Wednesday, May 14, 2014

This Election

In roughly ten days, EU elections will be held across all EU countries (yes, Germany included).

A hotly contested race?  No.  You will see some posters hanging up.  There are a few commercials on TV.   Public discussion forums?  Mostly rare and talking mostly stances and little else.

Why isn't it held with the national elections?  Well....every European country runs it's own election cycle, so it's impossible to get one date that makes everyone happy.  It's held on a four-year cycle.

What does the EU parliament structure do?  They generally talk on subjects which don't get brought up in their own their own papers....or in their own public forums.  And the EU guys pass legislation which is expected to be the final word on various topics.  As you can imagine.....some folks wake up and suddenly realize that something pretty big and drastic....never got discussed in the German public, yet gets passed via the EU mechanism.

One example?  The EU sat down and thought that it would be wonderful if all cars sold would be mandated to have a GPS-like device which talked back to a satellite....alerting them to call a cop, a ambulance or mechanical help.  So they mandated that all cars in the EU....newly manufactured in 2015....must have this chip-GPS-like device.

What keeps the device from reporting mileage for tax purposes?  One simple update, and it'd report weekly or monthly or yearly mileage.  Most political folks think by 2020.....the EU will quietly establish a very cheap low-cost tax on milage accomplished.  It might be twenty or forty Euro a year....just to establish a threshold in the mileage tax arena.  Could such a feature ever get passed by Germans via the Bundestag?  No.  The EU gimmick is a way to get things done by political parties, without much internal discussion within their own country.

The unique features of this 2014 race?  The BIG Partei is actively pushing an agenda.    It's described (their own words) as a multi-cultural political party.  What BIG tends to say is that the current agenda is a failure of economics, immigration, education, and family traditions.

I sat down for a while and looked at their platform.
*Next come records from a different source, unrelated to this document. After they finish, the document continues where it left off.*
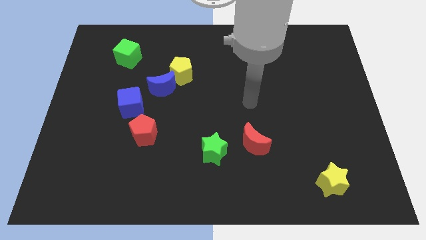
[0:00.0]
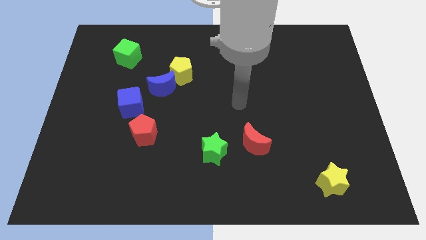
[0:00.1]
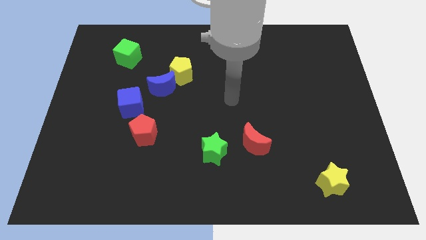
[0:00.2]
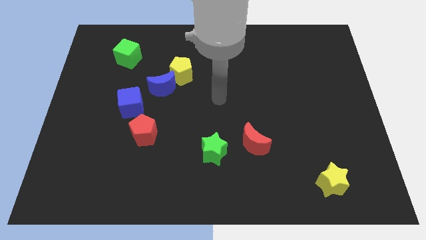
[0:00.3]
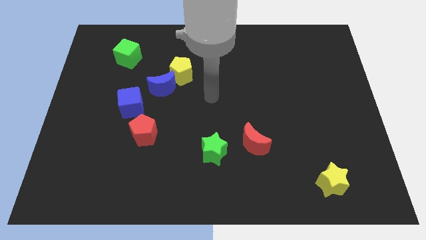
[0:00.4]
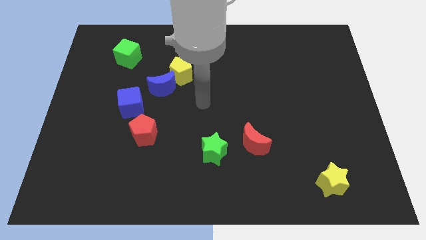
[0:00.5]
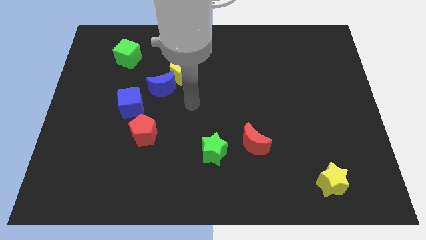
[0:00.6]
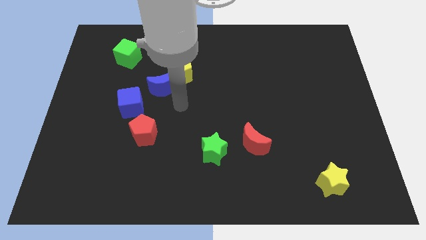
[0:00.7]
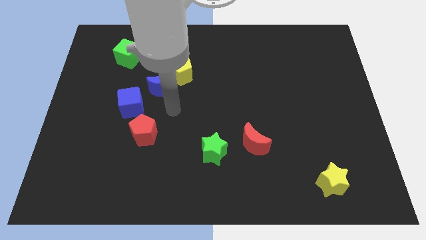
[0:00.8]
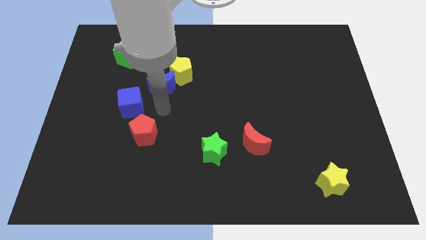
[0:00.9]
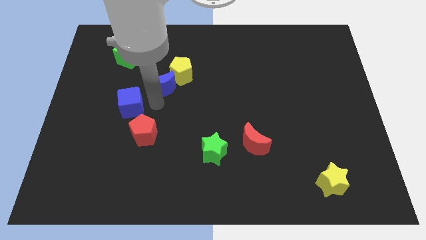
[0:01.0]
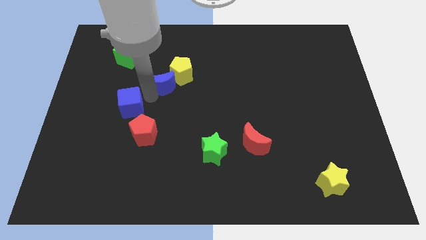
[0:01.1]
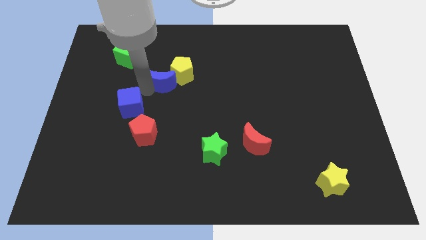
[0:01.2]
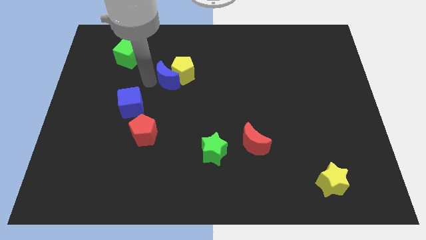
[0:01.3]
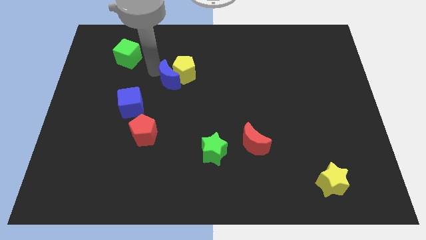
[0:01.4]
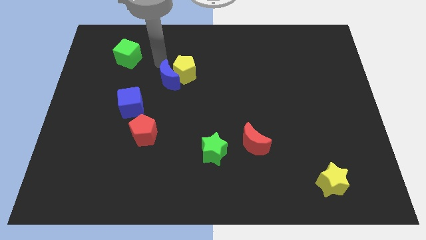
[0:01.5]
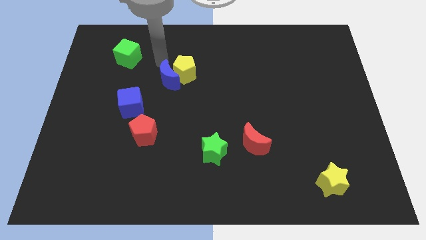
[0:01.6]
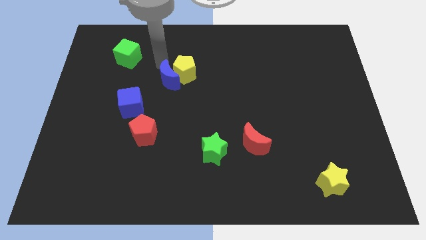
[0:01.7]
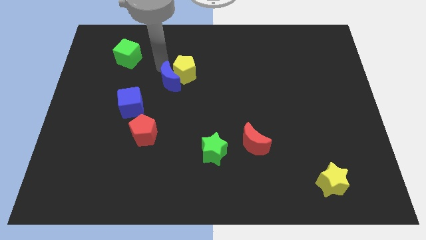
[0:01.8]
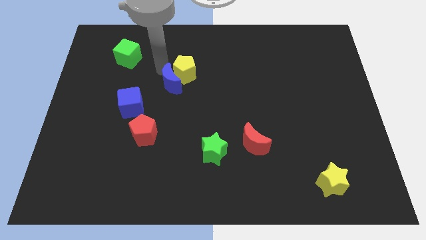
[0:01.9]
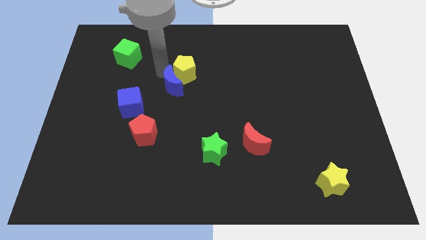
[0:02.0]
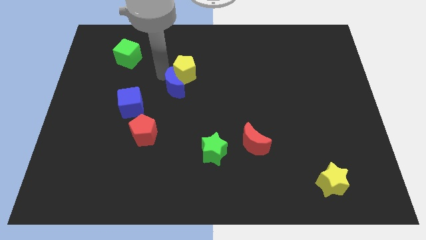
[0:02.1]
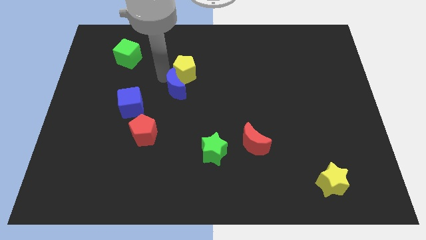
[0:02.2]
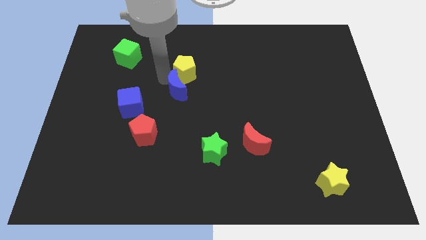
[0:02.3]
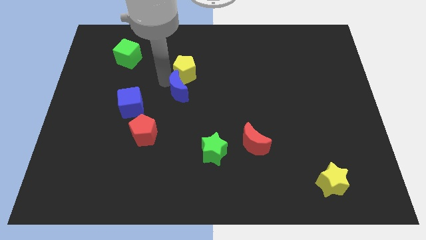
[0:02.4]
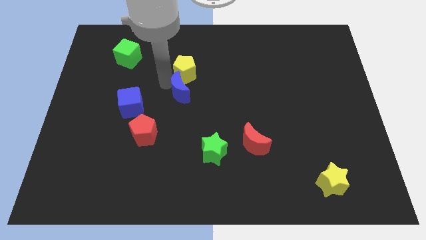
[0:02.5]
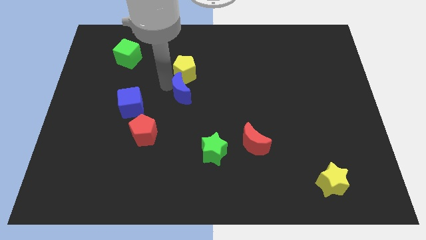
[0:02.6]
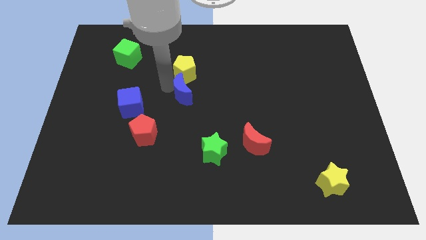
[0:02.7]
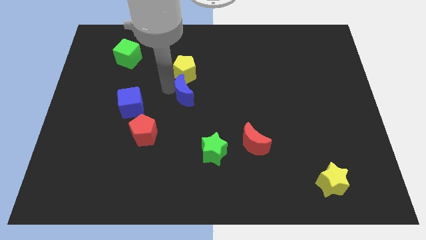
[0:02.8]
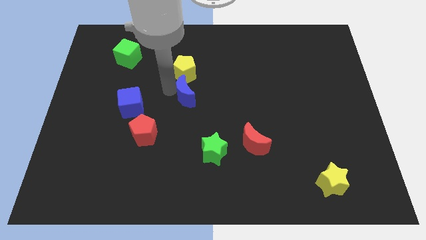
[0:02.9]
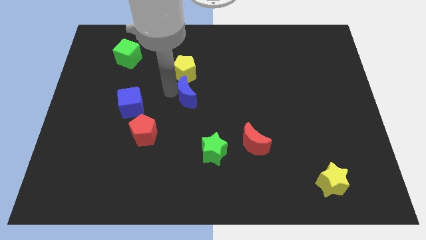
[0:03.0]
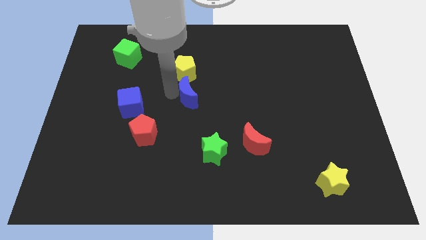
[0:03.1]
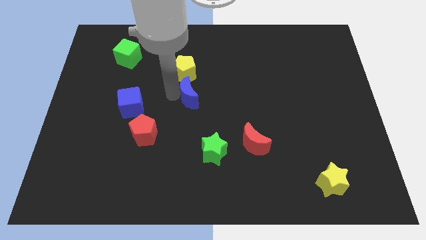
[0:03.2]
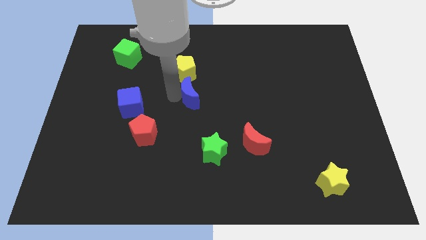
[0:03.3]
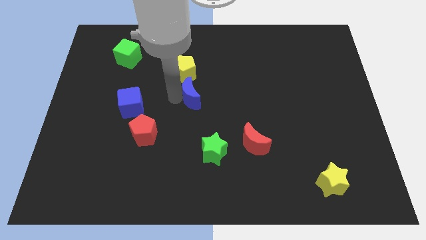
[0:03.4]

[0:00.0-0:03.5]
slide the blue moon downwards and then to the right a little

It's a pretty generic listing: peace and freedom, security, compassion, love, patience, humility, innovation, honesty, mutual loyalty, and appreciation. Generally, it's hard to find anyone against these features of life.  Then I kinda came to this one slogan of need to be open-minded.....meaning that a liberal and conservative attitude doesn't get you the right solution.  A guy would stand there and ask some stupid questions at that point, and suspect that there's some type of gimmick that hasn't been fully explained in the details.
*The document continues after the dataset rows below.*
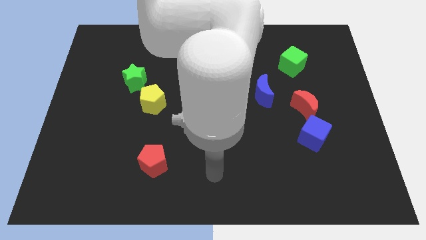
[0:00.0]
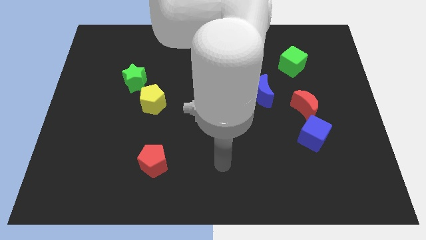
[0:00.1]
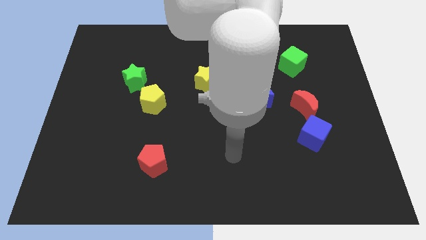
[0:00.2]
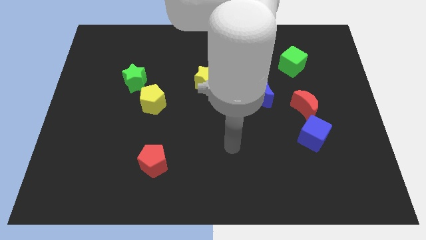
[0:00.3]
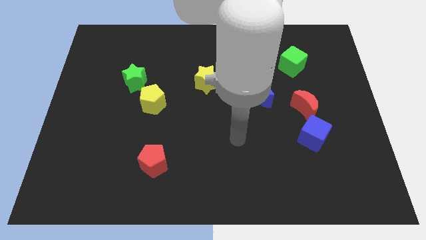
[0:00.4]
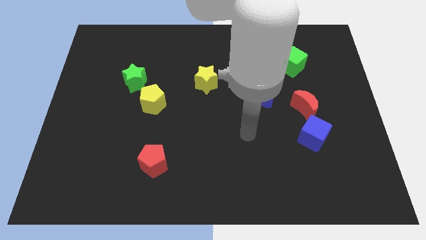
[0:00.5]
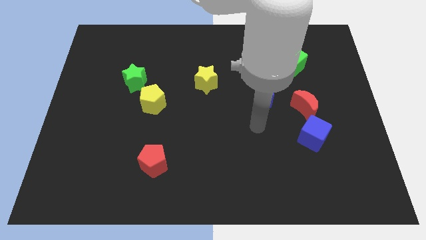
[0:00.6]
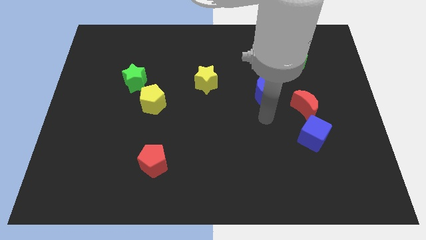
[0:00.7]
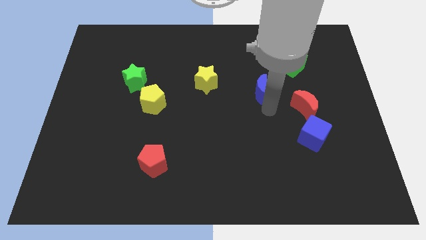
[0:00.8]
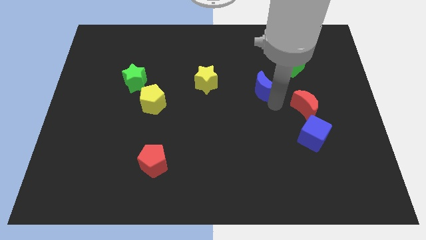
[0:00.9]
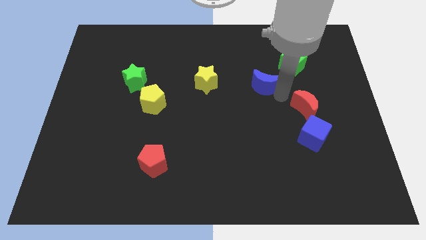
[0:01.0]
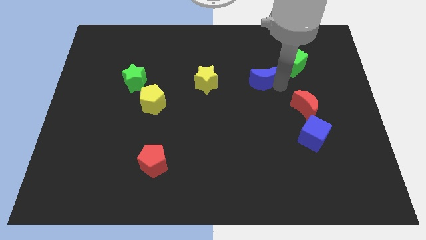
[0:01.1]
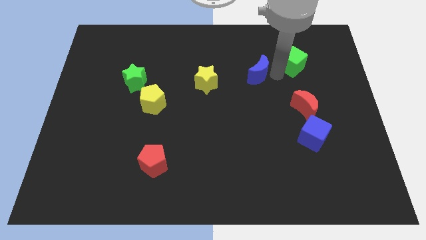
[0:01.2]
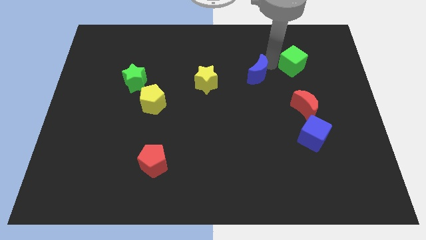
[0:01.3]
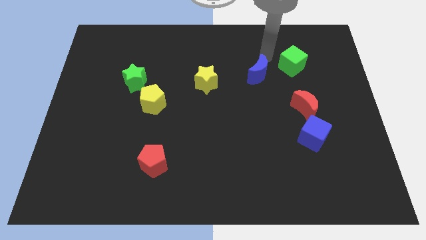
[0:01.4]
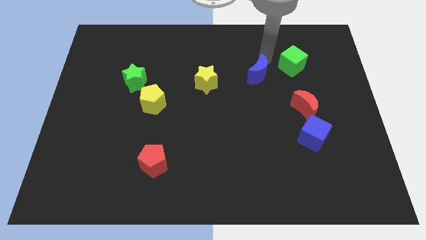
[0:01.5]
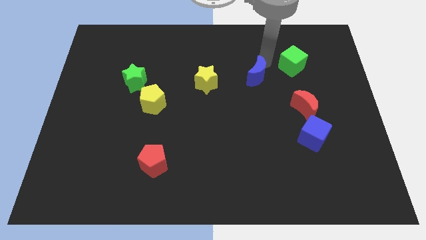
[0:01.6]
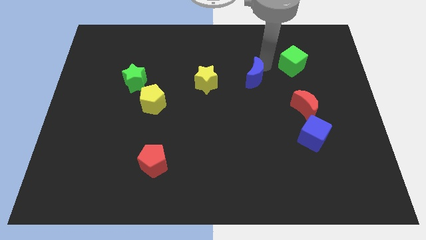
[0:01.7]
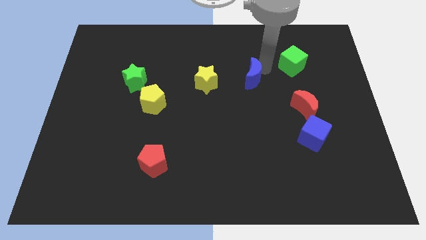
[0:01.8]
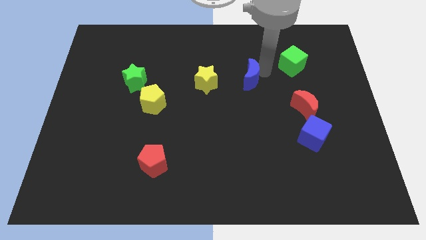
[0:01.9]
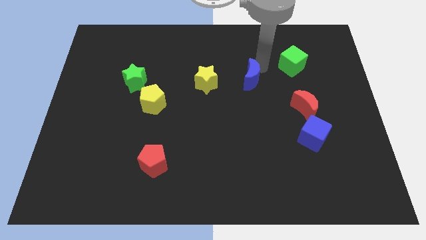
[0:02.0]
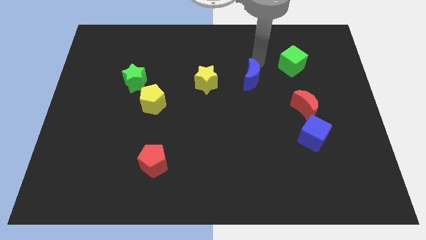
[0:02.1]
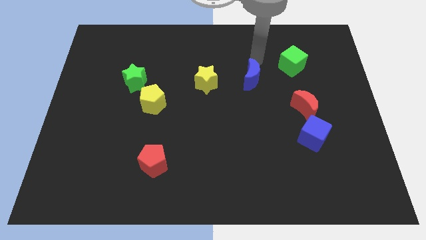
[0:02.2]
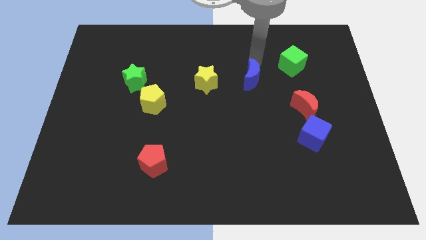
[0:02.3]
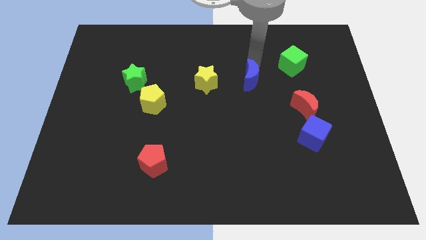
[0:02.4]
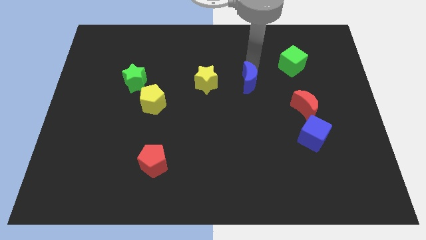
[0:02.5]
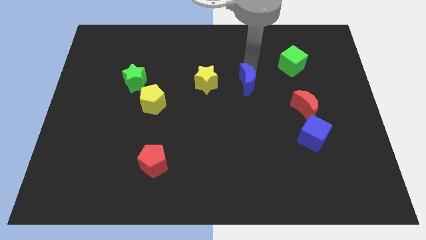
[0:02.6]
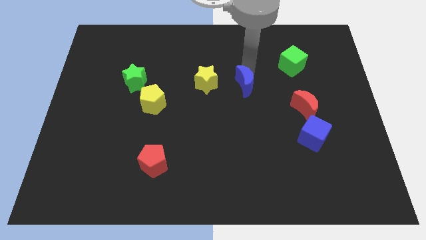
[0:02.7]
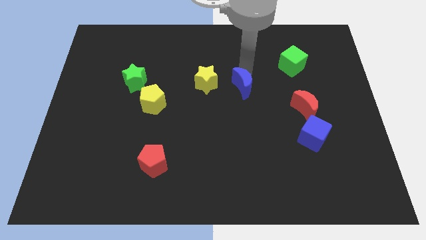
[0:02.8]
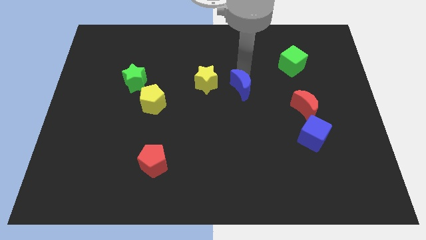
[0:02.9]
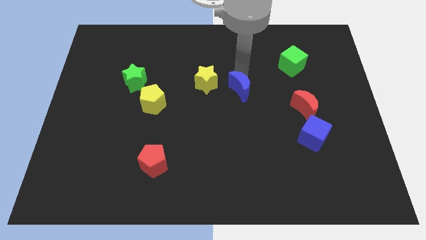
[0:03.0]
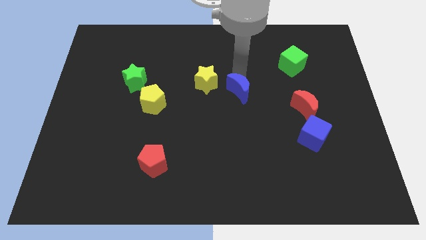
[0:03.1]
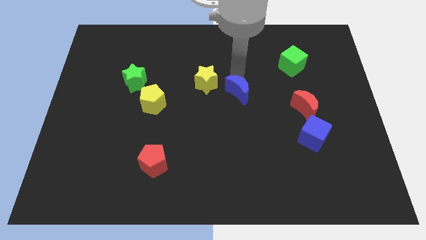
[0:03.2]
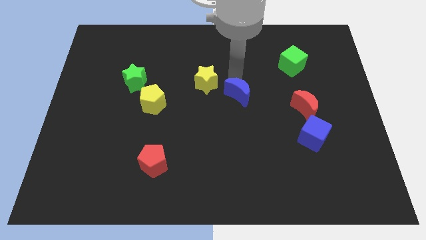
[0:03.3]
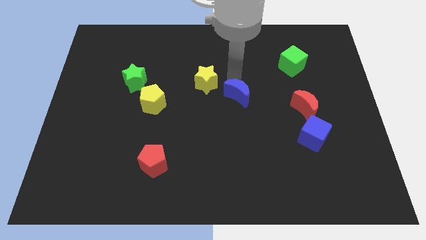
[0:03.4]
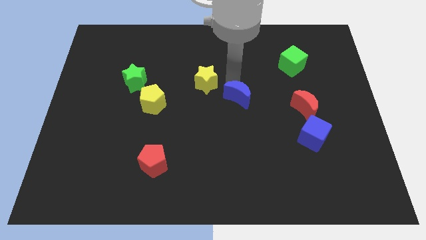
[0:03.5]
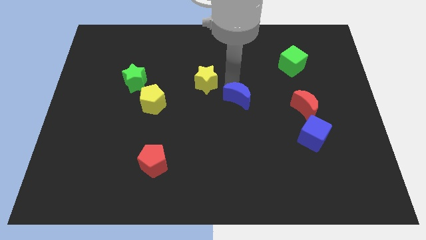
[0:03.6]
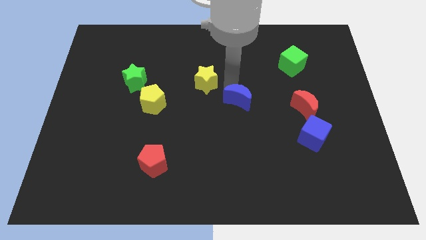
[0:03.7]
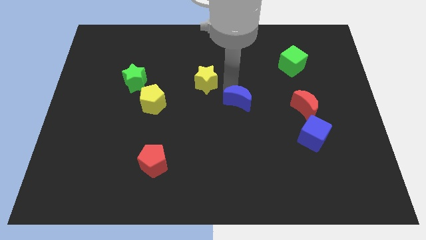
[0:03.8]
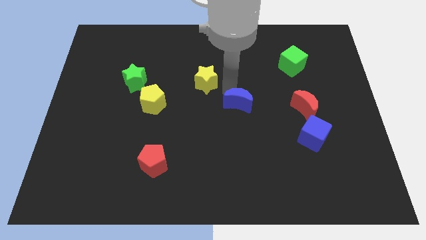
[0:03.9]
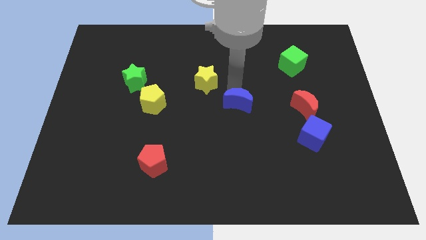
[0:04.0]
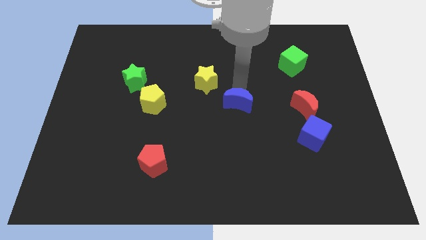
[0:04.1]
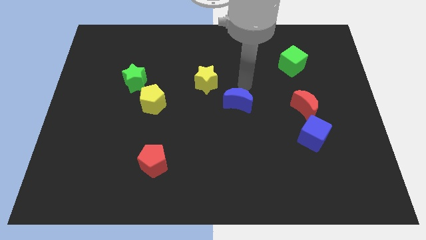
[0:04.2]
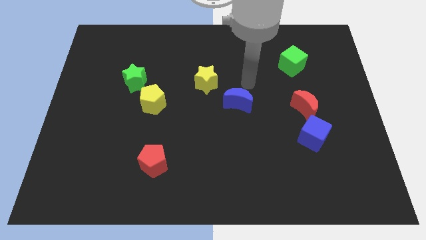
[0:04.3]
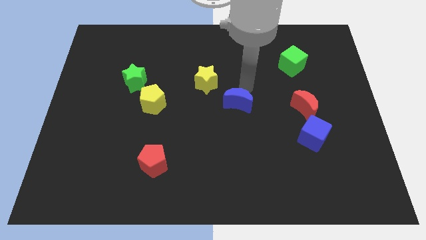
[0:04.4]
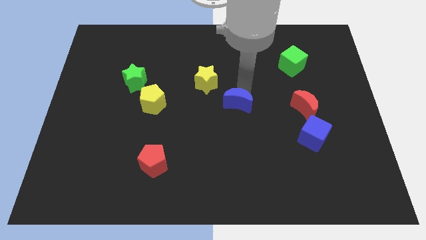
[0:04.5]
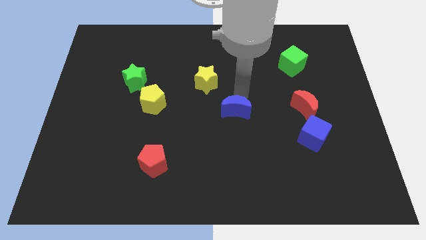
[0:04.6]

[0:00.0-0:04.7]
move the blue moon slightly down and to the left diagonally

The BIG results?  Hard to say, but I would think it's less than one percent of the vote within Germany.  Course, the true gimmick in this deal is that seven million residents in Germany ARE NOT ethnic Germans.  So BIG is thinking years ahead and likely calculating that eventually....they might get five or six million votes, and have a major say in elections.  Just my humble observation.
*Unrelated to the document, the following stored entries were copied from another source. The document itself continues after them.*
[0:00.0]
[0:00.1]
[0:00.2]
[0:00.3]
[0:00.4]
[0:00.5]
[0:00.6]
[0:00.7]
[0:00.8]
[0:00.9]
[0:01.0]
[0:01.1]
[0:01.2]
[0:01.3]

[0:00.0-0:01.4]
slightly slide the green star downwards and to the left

The other party in the running?  The Tierschutz Partei.  Basically, they are against harming animals, especially in the slaughter and butcher business.  They are pro-environment, anti-hunter, and support hefty reform of pensions and German welfare (Hartz IV).  They've apparently been around since the early 90's and claim at least one thousand members.  Vote-wise?  If they get more than ten thousand votes in this election....I'd be shocked.

A lot of radical parties in this election?  In general.....Germany has a number of unusual parties.  Some have memberships in the dozens.....some in the thousands.  This is one of the little odd facts about German politics.....people want to fit themselves into a more precise agenda, which they agree with.  So, unlike America, where there's two major parties and maybe two minor parties.....and no one really fits comfortable with any of the's a different story.

This election?  It's hard to say if even thirty percent of the population will come out and vote.  There's no ironclad topic which demands your attention, and most Germans don't yet feel threatened by the EU legislative process (that might change by 2018).  Generally, you can expect a liberal vote trend, and some commentary that evening of the vote....then nothing.  In the 18-to-25 year-old age group?  I'd have doubts if one in ten show up to vote....because it's not on their agenda and there's nothing of a peppy campaign.

An election without meaning?  Yeah.  But maybe that's a good thing.